%%
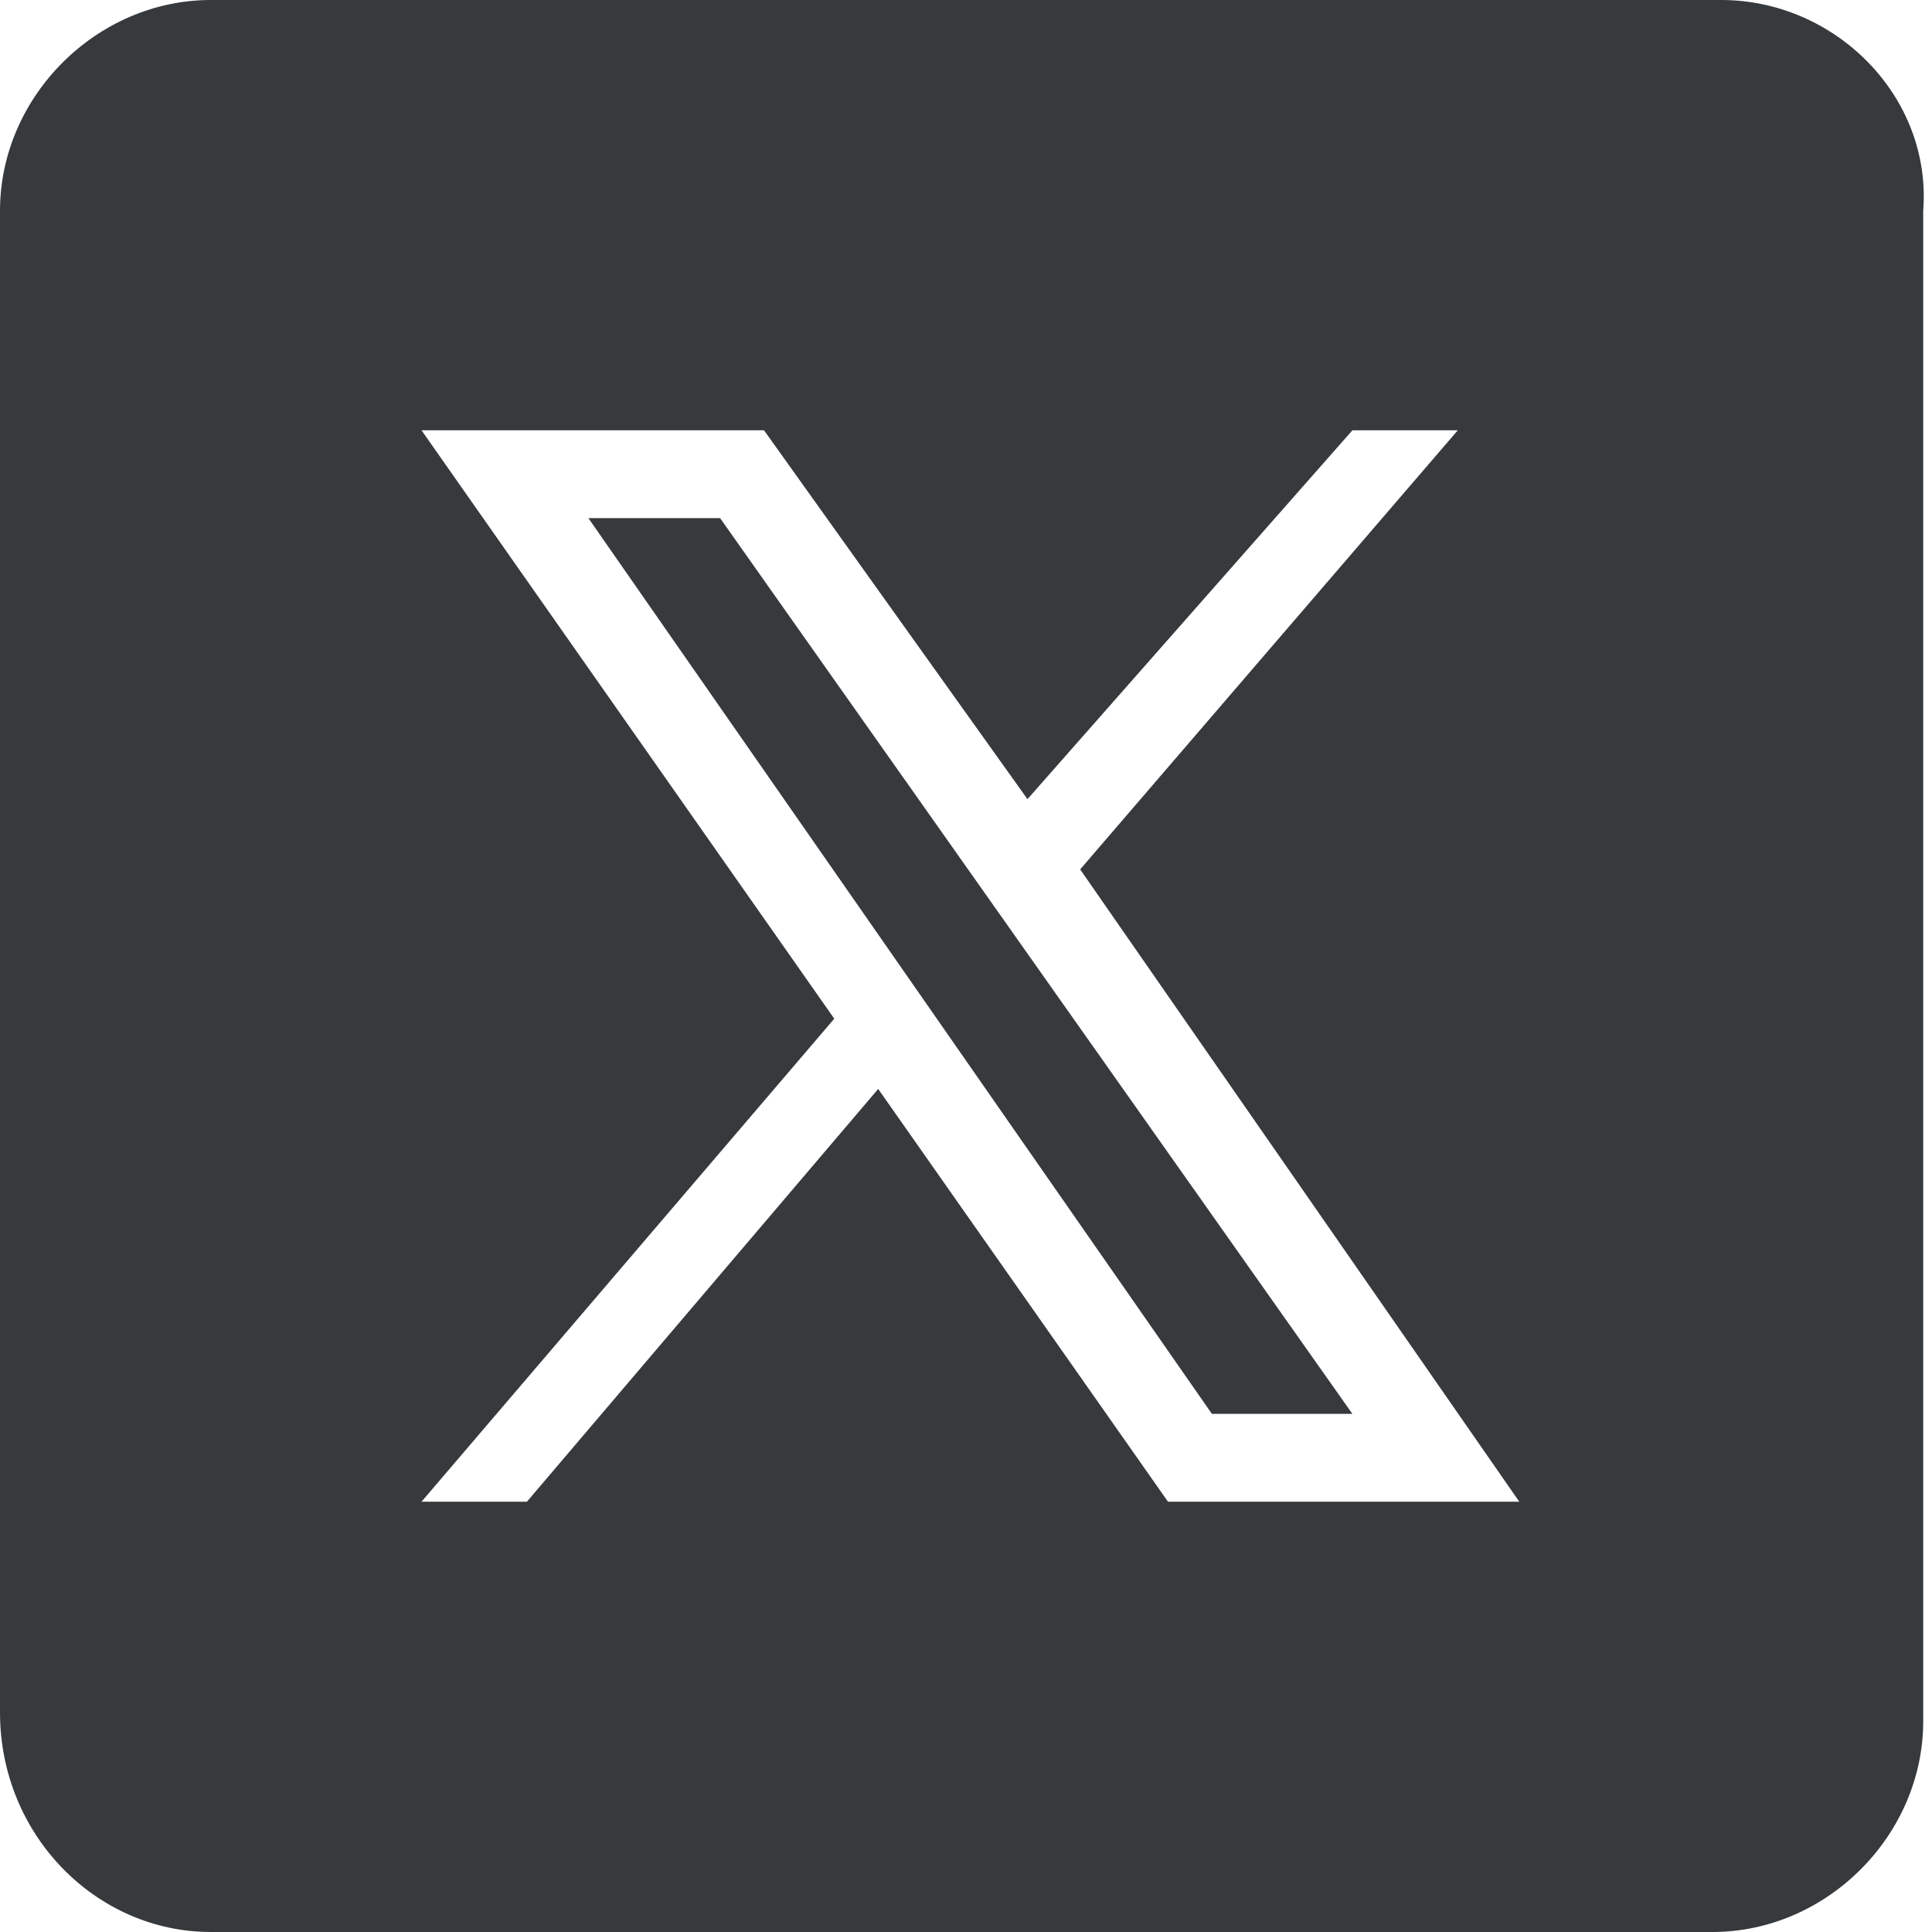 <?xml version="1.0" encoding="utf-8"?>
<!-- Generator: Adobe Illustrator 28.0.0, SVG Export Plug-In . SVG Version: 6.00 Build 0)  -->
<svg version="1.1" id="Calque_1" xmlns="http://www.w3.org/2000/svg" xmlns:xlink="http://www.w3.org/1999/xlink" x="0px" y="0px"
	 viewBox="0 0 22 22" style="enable-background:new 0 0 22 22;" xml:space="preserve">
<style type="text/css">
	.st0{fill:#363A3D;}
</style>
<g>
	<path class="st0" d="M19.6,0H2.4C1.1,0,0,1.1,0,2.4v17.1C0,20.9,1.1,22,2.4,22h17.1c1.3,0,2.4-1.1,2.4-2.4V2.4
		C22,1.1,20.9,0,19.6,0z M13.3,17.1l-3.3-4.7l-4,4.7H4.8l4.7-5.5L4.8,4.9h3.9l3,4.2l3.7-4.2h1.2l-4.3,5l5,7.2H13.3z"/>
	<polygon class="st0" points="6.7,5.9 13.8,16.1 15.4,16.1 8.2,5.9 	"/>
</g>
</svg>
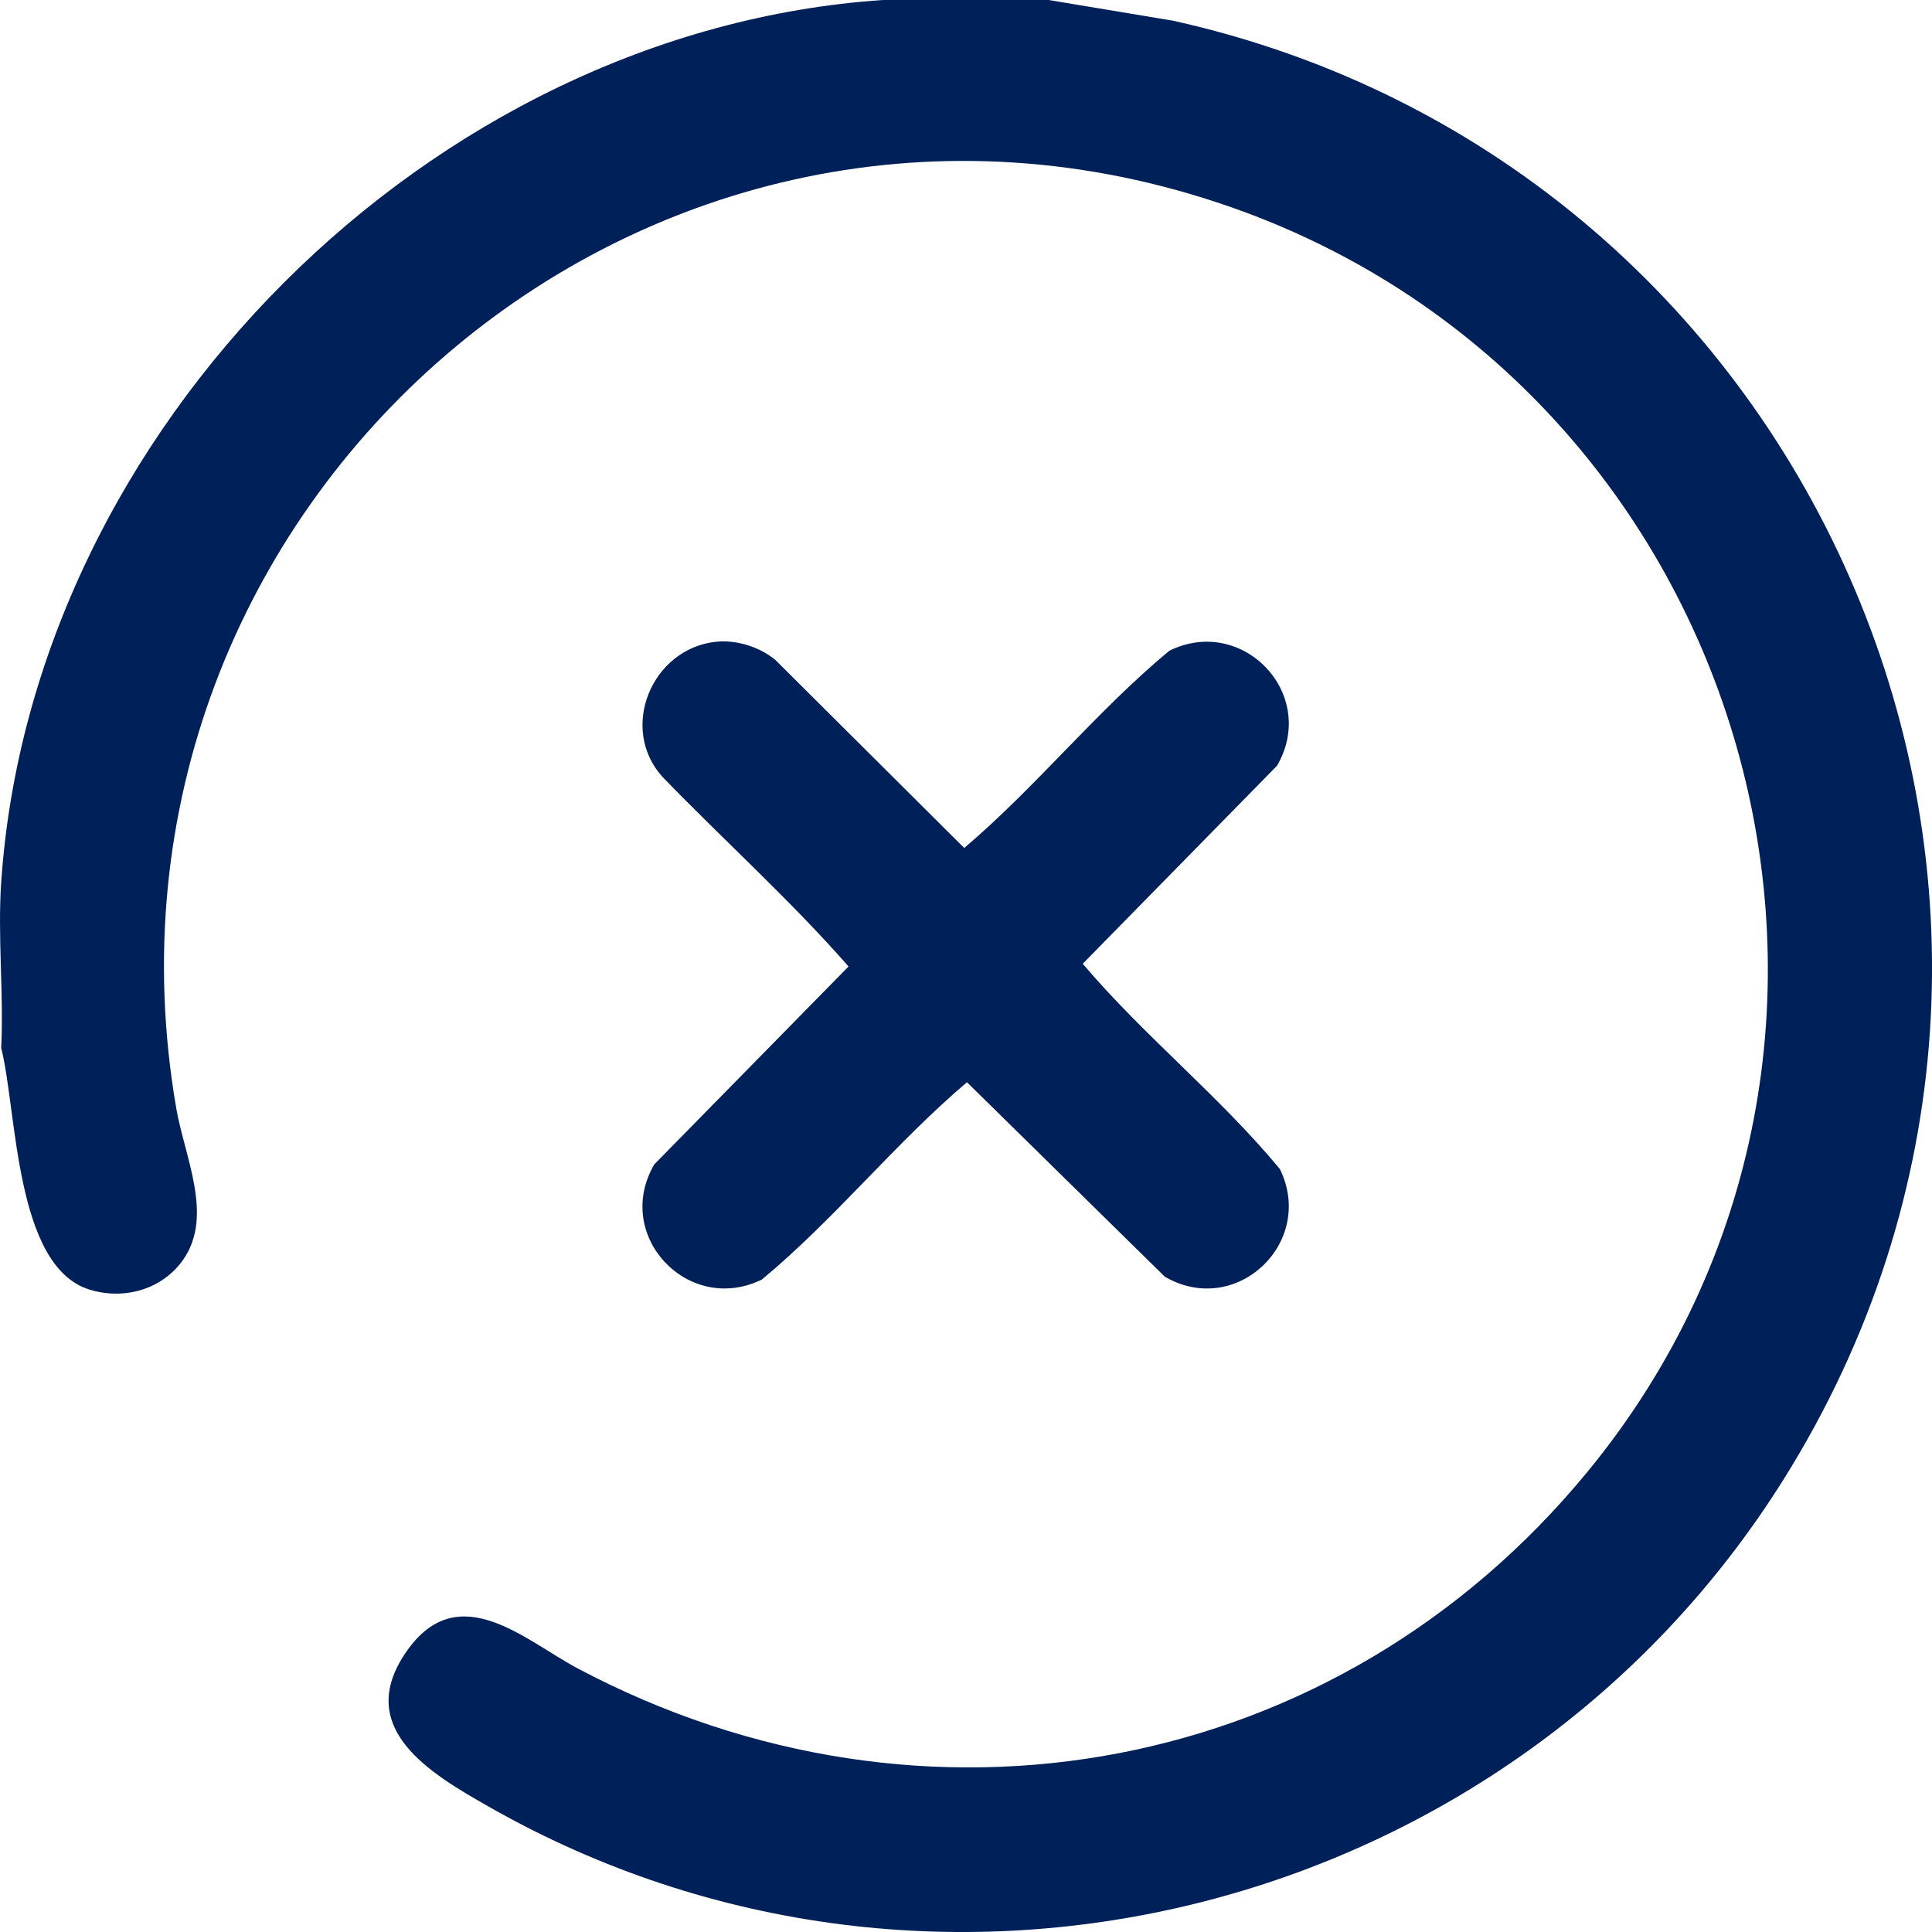 <svg width="24" height="24" viewBox="0 0 24 24" fill="none" xmlns="http://www.w3.org/2000/svg">
<g clip-path="url(#clip0_122_18688)">
<g clip-path="url(#clip1_122_18688)">
<path d="M13.026 0L14.571 0.257C22.62 2.042 26.595 11.301 22.153 18.383C18.769 23.778 11.643 25.619 6.068 22.441C5.359 22.037 4.384 21.472 5.049 20.516C5.695 19.588 6.524 20.379 7.175 20.725C11.489 23.014 16.615 22.058 19.717 18.287C24.106 12.954 21.753 4.839 15.297 2.575C8.065 0.039 0.892 6.26 2.19 13.77C2.293 14.368 2.653 15.096 2.282 15.639C2.024 16.016 1.546 16.154 1.112 16.02C0.181 15.731 0.214 13.803 0.015 13.019C0.048 12.345 -0.031 11.628 0.015 10.959C0.396 5.332 5.345 0.382 10.966 0H13.025H13.026Z" fill="#002059"/>
<path d="M8.897 7.972C9.15 7.946 9.433 8.035 9.631 8.197L11.978 10.534C12.869 9.778 13.623 8.832 14.527 8.083C15.439 7.635 16.38 8.627 15.863 9.513L13.45 11.972C14.204 12.863 15.15 13.617 15.899 14.522C16.346 15.435 15.355 16.376 14.469 15.859L12.012 13.444C11.121 14.199 10.368 15.146 9.464 15.895C8.551 16.342 7.611 15.35 8.128 14.464L10.541 12.006C9.822 11.185 8.991 10.438 8.227 9.648C7.686 9.045 8.096 8.056 8.896 7.972L8.897 7.972Z" fill="#002059"/>
</g>
</g>
<defs>
<clipPath id="clip0_122_18688">
<rect width="24" height="24" fill="white"/>
</clipPath>
<clipPath id="clip1_122_18688">
<rect width="24" height="24" fill="white"/>
</clipPath>
</defs>
</svg>
%%
YOUR ASSIGNMENT: Write out each entry exactly, images excluded.

FINISHED TASK:
 <?xml version="1.0" encoding="utf-8"?>
<!-- Generator: Adobe Illustrator 28.0.0, SVG Export Plug-In . SVG Version: 6.00 Build 0)  -->
<svg version="1.1" id="Calque_1" xmlns="http://www.w3.org/2000/svg" xmlns:xlink="http://www.w3.org/1999/xlink" x="0px" y="0px"
	 viewBox="0 0 22 22" style="enable-background:new 0 0 22 22;" xml:space="preserve">
<style type="text/css">
	.st0{fill:#363A3D;}
</style>
<g>
	<path class="st0" d="M19.6,0H2.4C1.1,0,0,1.1,0,2.4v17.1C0,20.9,1.1,22,2.4,22h17.1c1.3,0,2.4-1.1,2.4-2.4V2.4
		C22,1.1,20.9,0,19.6,0z M13.3,17.1l-3.3-4.7l-4,4.7H4.8l4.7-5.5L4.8,4.9h3.9l3,4.2l3.7-4.2h1.2l-4.3,5l5,7.2H13.3z"/>
	<polygon class="st0" points="6.7,5.9 13.8,16.1 15.4,16.1 8.2,5.9 	"/>
</g>
</svg>
 <svg width="24" height="24" viewBox="0 0 24 24" fill="none" xmlns="http://www.w3.org/2000/svg">
<g clip-path="url(#clip0_122_18688)">
<g clip-path="url(#clip1_122_18688)">
<path d="M13.026 0L14.571 0.257C22.62 2.042 26.595 11.301 22.153 18.383C18.769 23.778 11.643 25.619 6.068 22.441C5.359 22.037 4.384 21.472 5.049 20.516C5.695 19.588 6.524 20.379 7.175 20.725C11.489 23.014 16.615 22.058 19.717 18.287C24.106 12.954 21.753 4.839 15.297 2.575C8.065 0.039 0.892 6.26 2.19 13.77C2.293 14.368 2.653 15.096 2.282 15.639C2.024 16.016 1.546 16.154 1.112 16.02C0.181 15.731 0.214 13.803 0.015 13.019C0.048 12.345 -0.031 11.628 0.015 10.959C0.396 5.332 5.345 0.382 10.966 0H13.025H13.026Z" fill="#002059"/>
<path d="M8.897 7.972C9.15 7.946 9.433 8.035 9.631 8.197L11.978 10.534C12.869 9.778 13.623 8.832 14.527 8.083C15.439 7.635 16.38 8.627 15.863 9.513L13.45 11.972C14.204 12.863 15.15 13.617 15.899 14.522C16.346 15.435 15.355 16.376 14.469 15.859L12.012 13.444C11.121 14.199 10.368 15.146 9.464 15.895C8.551 16.342 7.611 15.35 8.128 14.464L10.541 12.006C9.822 11.185 8.991 10.438 8.227 9.648C7.686 9.045 8.096 8.056 8.896 7.972L8.897 7.972Z" fill="#002059"/>
</g>
</g>
<defs>
<clipPath id="clip0_122_18688">
<rect width="24" height="24" fill="white"/>
</clipPath>
<clipPath id="clip1_122_18688">
<rect width="24" height="24" fill="white"/>
</clipPath>
</defs>
</svg>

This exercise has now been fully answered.